Дороти задумалась о самой жизни. Выходишь из утробы, проживаешь лет семьдесят, а потом умираешь, истлеваешь. И без опоры – оправдания высокой конечной целью, во всякий миг подаренного тебе бытия томит сиротское уныние, которое не выразишь, но ощущаешь физически ноющим сердцем. Жизнь, если она действительно кончается могилой, чудовищна. Не стоит тут наводить туман. Представь реальность жизни, представь эту реальность в подробностях, а потом скажи себе, что нет ни смысла, ни цели, ни назначения, кроме могилы. Ведь только глупцы, ну и какие-нибудь уникальные счастливчики, могут прямо, бестрепетно взглянуть на это, разве не так?
Дороти поежилась и села чуть прямее. Должен же быть, однако, какой-то смысл, какое-то значение во всем! Не может мир быть случайностью. В происходящем непременно есть причина, следовательно, и цель. Раз ты существуешь, значит, каким-то Творцом создан, и раз ты наделен сознанием, Он – сознающий. Получается только так. Он создает и убивает ради Его непостижимой цели. Такова уж природа вещей, что этой цели человеку не обнаружить, а если и обнаружить, не понять. Твоя жизнь и смерть, может быть, просто нотка в оркестре, играющем для Его удовольствия. И предположим, тебе не нравится мотив?
Она вспомнила об ужасном, богохульном бывшем священнике с Трафальгарской площади.
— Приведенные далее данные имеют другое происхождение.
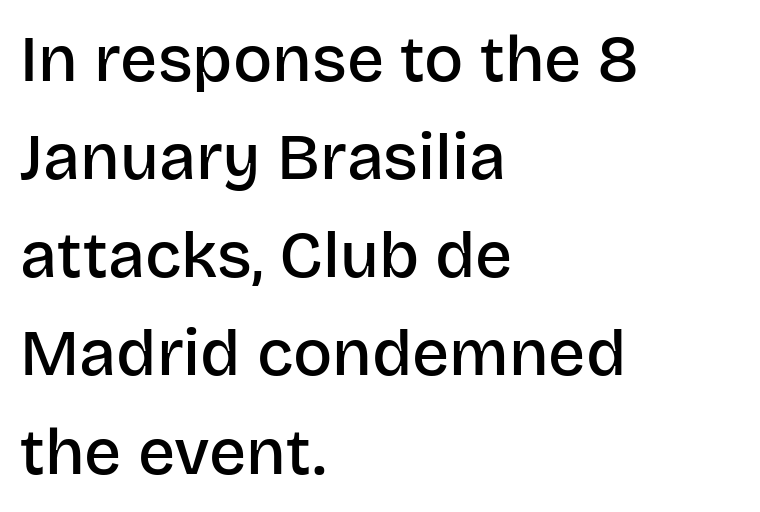
Q: Is the text bold? A: Semi-bold.
Q: Is the text italic (slanted)? A: No, it is upright.
Q: Is the typeface a serif or a sans-serif typeface? A: Sans-serif.
Q: Is the text underlined? A: No.
Q: How is the paragraph aligned? A: Left-aligned.
Q: Is the spacing between letters normal or unusually wide? A: Normal.
Q: Is the spacing between lines tight, normal or loose? A: Normal.
Q: Width (condensed, normal, or wide)? A: Normal.
Q: Stroke contrast? A: Low.
Q: x-height? A: Large.
Q: Monospaced? A: No.
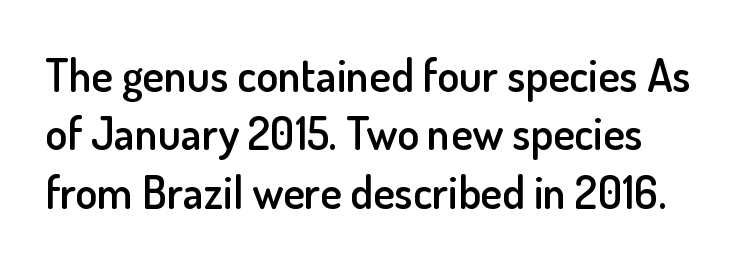
Looks like regular typesetting: each glyph gets only the width it needs. The typesetting leans somewhat heavy: a semibold. The zone under the glyphs is completely vacant. Letterform terminals end flat and unadorned throughout the passage. The lettering holds an erect, upright posture throughout.
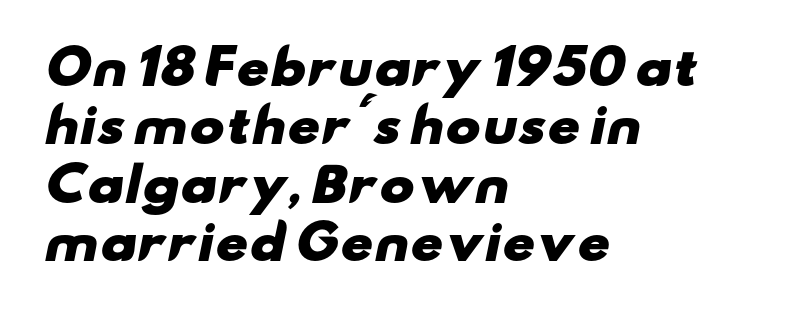
Q: Is the text bold? A: Yes.
Q: Is the typeface a serif or a sans-serif typeface? A: Sans-serif.
Q: Is the text underlined? A: No.
Q: How is the paragraph aligned? A: Left-aligned.
Q: Is the spacing between letters normal or unusually wide? A: Normal.
Q: Width (condensed, normal, or wide)? A: Wide.
Q: Stroke contrast? A: Low.
Q: x-height? A: Small.
Q: Monospaced? A: No.
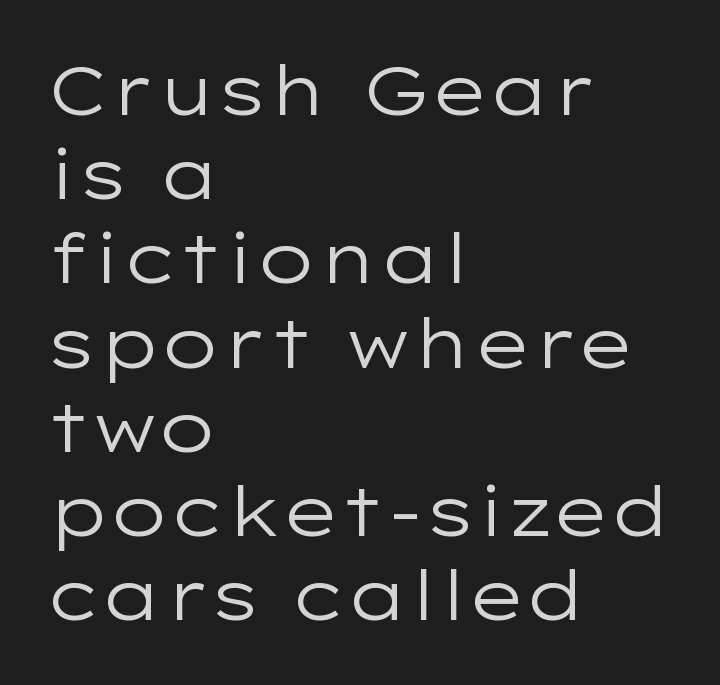
The gaps between neighbouring characters are ordinary and unremarkable. The paragraph has a hard left edge and a soft right edge. The baseline area is clear. Heaviness? Minimal to ordinary, like unemphasized prose.
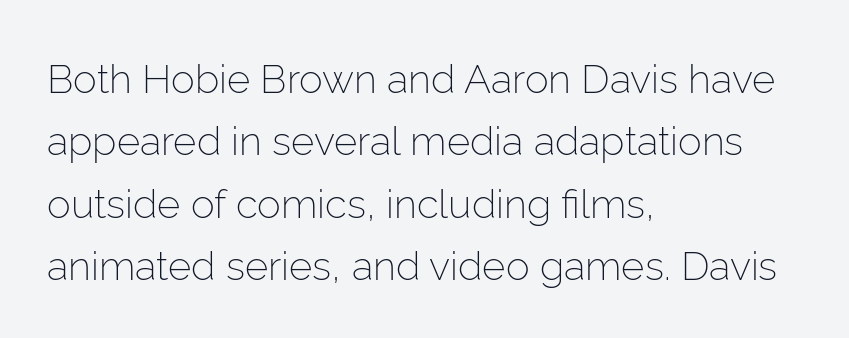
The image shows 40 px light sans-serif type, upright; set left-aligned, normal line spacing (1.56x), normal letter spacing, not underlined; low stroke contrast and a medium x-height.

Приснилось ей или действительно он возглашал: «А потому со демонами, с архидемонами, со всей адской компанией»? Что ж, в конце концов, чья-то нелюбовь к мотиву тоже вплетется в Его аккорды.
Мозг ее бился над проблемой, тычась в глухие тупики. Ясно ведь: никакой замены вере нет; не годятся ни языческое преклонение перед стихией, ни примитивные штучки пантеистов, ни религия «прогресса» с идеалом сияющих утопий и железобетонных муравейников. Все или ничего. Либо земная жизнь – пролог к чему-то Великому и Разумному, либо кошмар темной бессмыслицы.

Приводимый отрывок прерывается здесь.